Below, we demonstrate how the number of outliers increases with the
number of dimenstion ([source](https://lgatto.github.io/curse-dimensionality/)):
> The simulation generates N points in hypercubes of d dimensions and
> counts how many of those points are outliers, defined as being in
> the 1% outer shell of the space. In 1 dimension, we have 1% of the
> uniformely distributed points that are outliers. In 50 dimension,
> there are already 60% of the points that are outliers; in 100
> dimensions, almost 90% of the points are outliers.
```{r curse, cache = FALSE}
d <- 1:200
N <- 1000
dat <- lapply(d, function(i) replicate(i, runif(N)))
nout <- function(m) mean(apply(m, 1, function(i) any(i < 0.01 | i > 0.99)))
res <- sapply(dat, nout)
plot(res, type = "l",
xlab = "Number of dimensions",
ylab = "Proportion of 1% outliers",
main = "Curse of Dimensionality")
grid()
```
## Machine learning
The dataset below is composed of 100 data points (samples). For each
data point, we have measured values x and y (two genes). We have a
dataset of 100 points in 2 dimensions.
```{r unlabex, fig.cap = "A dataset of 100 unlabelled points measured along two dimensions.", echo = FALSE}
set.seed(123)
dat <- rbind(mvtnorm::rmvnorm(50, c(0, 0)),
mvtnorm::rmvnorm(50, c(3, 3)))
dat <- as.data.frame(dat)
colnames(dat) <- c("x", "y")
plot(dat)
```
`r msmbstyle::question_begin()`
- How many groups do you think there are among these 100 observations?
- How would you intuitively define them?
`r msmbstyle::question_end()`
Now imagine that we know about number of group (which would be called
classes in this setting) and the label of each point. In the figure
below, we have two classes, red and black, and we know exactly which
points below to the red class and the black class.
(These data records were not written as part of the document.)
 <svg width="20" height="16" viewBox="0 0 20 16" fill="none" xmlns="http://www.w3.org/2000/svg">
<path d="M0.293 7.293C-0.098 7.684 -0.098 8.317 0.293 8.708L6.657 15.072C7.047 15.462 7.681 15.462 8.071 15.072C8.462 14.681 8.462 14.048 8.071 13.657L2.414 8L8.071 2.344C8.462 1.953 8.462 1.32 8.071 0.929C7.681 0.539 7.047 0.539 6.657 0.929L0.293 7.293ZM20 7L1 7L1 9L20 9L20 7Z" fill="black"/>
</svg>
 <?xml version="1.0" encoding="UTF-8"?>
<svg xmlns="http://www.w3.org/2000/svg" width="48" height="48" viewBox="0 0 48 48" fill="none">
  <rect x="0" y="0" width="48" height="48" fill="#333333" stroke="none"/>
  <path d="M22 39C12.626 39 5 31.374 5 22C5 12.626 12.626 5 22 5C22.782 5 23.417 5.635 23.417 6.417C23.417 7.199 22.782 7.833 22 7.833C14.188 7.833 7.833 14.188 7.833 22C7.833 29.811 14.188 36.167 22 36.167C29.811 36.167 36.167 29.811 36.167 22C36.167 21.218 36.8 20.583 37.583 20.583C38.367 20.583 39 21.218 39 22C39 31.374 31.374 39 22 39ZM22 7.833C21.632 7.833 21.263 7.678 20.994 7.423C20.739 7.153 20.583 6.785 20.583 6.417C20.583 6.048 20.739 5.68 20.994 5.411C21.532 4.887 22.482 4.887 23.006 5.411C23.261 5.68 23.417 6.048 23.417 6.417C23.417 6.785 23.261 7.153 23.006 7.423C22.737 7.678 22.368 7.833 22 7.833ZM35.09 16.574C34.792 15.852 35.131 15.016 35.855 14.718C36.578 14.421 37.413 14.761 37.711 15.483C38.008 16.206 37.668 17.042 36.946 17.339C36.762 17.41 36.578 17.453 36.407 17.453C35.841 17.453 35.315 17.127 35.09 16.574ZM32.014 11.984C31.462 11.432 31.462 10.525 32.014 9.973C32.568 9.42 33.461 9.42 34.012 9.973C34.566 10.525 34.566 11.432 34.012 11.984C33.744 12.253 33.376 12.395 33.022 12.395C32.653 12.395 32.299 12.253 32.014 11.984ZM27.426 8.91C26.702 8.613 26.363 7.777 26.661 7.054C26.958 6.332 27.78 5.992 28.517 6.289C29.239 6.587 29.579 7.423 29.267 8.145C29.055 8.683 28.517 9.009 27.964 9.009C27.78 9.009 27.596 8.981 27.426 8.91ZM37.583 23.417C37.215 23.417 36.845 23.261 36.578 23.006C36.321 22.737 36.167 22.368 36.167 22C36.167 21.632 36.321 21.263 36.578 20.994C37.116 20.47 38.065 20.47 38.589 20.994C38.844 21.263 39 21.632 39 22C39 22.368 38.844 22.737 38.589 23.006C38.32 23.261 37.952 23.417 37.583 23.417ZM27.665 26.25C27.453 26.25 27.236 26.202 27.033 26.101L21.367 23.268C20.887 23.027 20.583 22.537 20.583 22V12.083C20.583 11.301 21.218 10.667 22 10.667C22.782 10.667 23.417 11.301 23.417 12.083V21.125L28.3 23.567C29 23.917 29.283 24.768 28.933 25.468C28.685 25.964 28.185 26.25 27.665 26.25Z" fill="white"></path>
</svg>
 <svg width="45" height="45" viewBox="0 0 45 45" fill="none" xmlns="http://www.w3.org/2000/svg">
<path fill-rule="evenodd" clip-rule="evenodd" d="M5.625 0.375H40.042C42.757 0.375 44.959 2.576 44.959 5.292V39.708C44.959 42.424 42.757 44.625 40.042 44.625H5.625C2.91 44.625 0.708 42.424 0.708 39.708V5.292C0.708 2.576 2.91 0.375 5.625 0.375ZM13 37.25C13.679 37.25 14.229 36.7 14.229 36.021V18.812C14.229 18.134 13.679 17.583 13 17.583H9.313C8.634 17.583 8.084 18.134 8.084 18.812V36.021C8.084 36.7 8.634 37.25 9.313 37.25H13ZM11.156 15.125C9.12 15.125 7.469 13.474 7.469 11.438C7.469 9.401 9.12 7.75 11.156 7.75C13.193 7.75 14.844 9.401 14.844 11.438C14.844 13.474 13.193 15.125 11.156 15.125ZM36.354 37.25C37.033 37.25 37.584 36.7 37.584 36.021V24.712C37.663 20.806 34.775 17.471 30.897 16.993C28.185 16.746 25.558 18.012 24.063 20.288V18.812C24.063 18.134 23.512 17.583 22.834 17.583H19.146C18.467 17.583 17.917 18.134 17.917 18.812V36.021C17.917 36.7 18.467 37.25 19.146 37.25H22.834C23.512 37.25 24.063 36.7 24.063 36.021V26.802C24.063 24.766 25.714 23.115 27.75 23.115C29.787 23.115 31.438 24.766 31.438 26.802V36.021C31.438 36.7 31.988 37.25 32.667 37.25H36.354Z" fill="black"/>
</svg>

```{r labex, fig.cap = "A dataset of 100 labelled points measured along two dimensions.", echo = FALSE}
dat$class <- factor(rep(c("A", "B"), each = 50))
plot(dat[, 1:2], col = dat$class, pch = 19)
```
We now obtain data for three new points (samples), annotated as 1, 2,
and 3 below.
```{r labex2, fig.cap = "A dataset of 100 labelled and three new, unlalled, points.", echo = FALSE}
plot(dat[, 1:2], col = dat$class, pch = 19)
new_points <- data.frame(x = c(0, 4, 1.65),
y = c(0, 5, 1.7))
points(new_points$x, new_points$y, cex = 2.5)
text(new_points$x, new_points$y, 1:3)
```
`r msmbstyle::question_begin()`
To what class (red or black) should points 1, 2, and 3 be assigned to?
`r msmbstyle::question_end()`
The examples presented above fall squarely into the discipline of
machine learning. The first example is a case of **unsupervised
learning**. In unsupervised learning we aim at find patterns in a
dataset without the help of any additional information or
labels. Typical applications of unsupervised learning is clustering
(as in our first example and chapter \@ref(sec-ul)) or dimensionality
reduction (chapter \@ref(sec-dimred))
In our second example, we were given labels for each observation. This
is an example of **supervised learning**, that aims at learning inputs
and mapping them to certain target outputs with the help of known
labels. Example of supervised learning are classification as in the
example above (see chapter \@ref(sec-sl)) and regression, where the
target isn't a category, but a value.
There are additional types of machine learning, such as
semi-supervised learning (combining the two approaches above),
self-supervised learning (supervised without any labels, i.e. where
they need to be identified automatically), reinforcement learning
(automatic tuning of the learning when new information is received),
but these are beyond the scope of this course.